Sunday, November 28, 2010

a little patience for me?

your blog.. what wags? reading your blog always makes my heart feels heavy. even though i tried to cheer you up and make everything a little lighter, i just can't seem to get the message across to you. your blog saddens me, usually it'll give me cloudy skies. now, im having a thunderstorm. i did not restrict your life.. i never wanted to and i never have any intention to. I know, lost. who never felt this way before?

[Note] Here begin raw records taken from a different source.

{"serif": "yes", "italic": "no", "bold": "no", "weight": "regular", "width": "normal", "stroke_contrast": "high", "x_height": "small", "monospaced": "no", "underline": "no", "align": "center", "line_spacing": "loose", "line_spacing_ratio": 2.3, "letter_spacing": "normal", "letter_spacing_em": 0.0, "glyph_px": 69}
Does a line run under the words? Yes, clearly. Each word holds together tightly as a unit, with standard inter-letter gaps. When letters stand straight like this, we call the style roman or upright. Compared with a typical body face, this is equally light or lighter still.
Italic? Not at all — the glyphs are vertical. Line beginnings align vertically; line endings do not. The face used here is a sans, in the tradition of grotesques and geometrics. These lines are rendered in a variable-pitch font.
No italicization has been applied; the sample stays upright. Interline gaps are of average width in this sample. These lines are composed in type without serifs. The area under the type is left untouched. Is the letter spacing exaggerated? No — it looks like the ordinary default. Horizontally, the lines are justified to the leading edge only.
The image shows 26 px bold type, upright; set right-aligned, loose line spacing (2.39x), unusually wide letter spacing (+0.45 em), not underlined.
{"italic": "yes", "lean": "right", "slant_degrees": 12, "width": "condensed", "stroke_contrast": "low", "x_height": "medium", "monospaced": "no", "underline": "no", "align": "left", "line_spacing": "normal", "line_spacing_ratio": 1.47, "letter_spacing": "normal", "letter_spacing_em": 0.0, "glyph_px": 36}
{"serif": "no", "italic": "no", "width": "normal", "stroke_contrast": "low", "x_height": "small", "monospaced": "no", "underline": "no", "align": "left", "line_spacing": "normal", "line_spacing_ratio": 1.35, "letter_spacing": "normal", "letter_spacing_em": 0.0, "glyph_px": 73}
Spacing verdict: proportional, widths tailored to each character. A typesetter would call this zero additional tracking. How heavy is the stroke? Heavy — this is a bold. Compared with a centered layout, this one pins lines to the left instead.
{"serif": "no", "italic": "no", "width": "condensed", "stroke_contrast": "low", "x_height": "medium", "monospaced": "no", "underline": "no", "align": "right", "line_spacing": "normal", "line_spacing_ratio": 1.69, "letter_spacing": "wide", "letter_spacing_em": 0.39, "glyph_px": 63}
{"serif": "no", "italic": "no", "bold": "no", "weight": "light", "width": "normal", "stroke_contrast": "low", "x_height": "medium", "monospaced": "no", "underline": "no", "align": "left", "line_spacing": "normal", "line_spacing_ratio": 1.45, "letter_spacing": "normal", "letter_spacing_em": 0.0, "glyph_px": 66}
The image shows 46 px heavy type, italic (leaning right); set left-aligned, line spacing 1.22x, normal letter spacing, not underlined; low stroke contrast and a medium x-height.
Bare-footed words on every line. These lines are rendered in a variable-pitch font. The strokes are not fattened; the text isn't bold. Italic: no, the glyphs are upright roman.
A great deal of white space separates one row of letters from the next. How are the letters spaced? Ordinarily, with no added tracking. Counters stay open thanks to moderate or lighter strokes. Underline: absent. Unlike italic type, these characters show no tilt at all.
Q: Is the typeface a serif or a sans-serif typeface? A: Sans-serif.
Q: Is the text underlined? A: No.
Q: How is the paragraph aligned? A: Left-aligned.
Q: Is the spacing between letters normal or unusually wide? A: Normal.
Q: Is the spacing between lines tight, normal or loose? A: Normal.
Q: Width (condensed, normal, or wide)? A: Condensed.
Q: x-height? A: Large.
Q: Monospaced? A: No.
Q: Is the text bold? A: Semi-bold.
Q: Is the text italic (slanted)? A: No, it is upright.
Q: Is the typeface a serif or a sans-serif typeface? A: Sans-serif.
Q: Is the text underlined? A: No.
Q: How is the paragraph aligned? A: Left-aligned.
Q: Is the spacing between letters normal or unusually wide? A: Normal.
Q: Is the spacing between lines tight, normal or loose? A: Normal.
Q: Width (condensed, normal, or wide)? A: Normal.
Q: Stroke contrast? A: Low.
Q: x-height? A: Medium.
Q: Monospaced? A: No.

love doesn't conquer all. fuck, love really doesnt conquer all. I know we have both been committed to this relationship alot. so much that we're each other's world and nothing else. we don't care who the hell is still on earth, all it matters was. us. and it was wrong. and it was so fucking wrong. I realized its wrong during this period of time. that, we cannot survive just a mere us in the world. and that we need other humans, too.

i know you care. i know you fucking care so much. i know in my heart very well that you care, alot. but i cant help to feel tied down. i just couldnt control how i feel. i apologized for that, im sorry. im a disappointment some times, or, all the time? i know. i know i am.

i know, i know you wanna fix you. why arent you fixing yourself when im fixing me now? why can't we gather our life and pick things up slowly? so if i say,"alright, lets stop this and get back to where things were left.." will you feel better? you wont, because now you've realized that you've given up all for me.. and if ever this were to happen again, that some factors just jeopardizes our relationship again, this whole lost, fix me, will resurface again. and that is something that i'll never want to risk to have.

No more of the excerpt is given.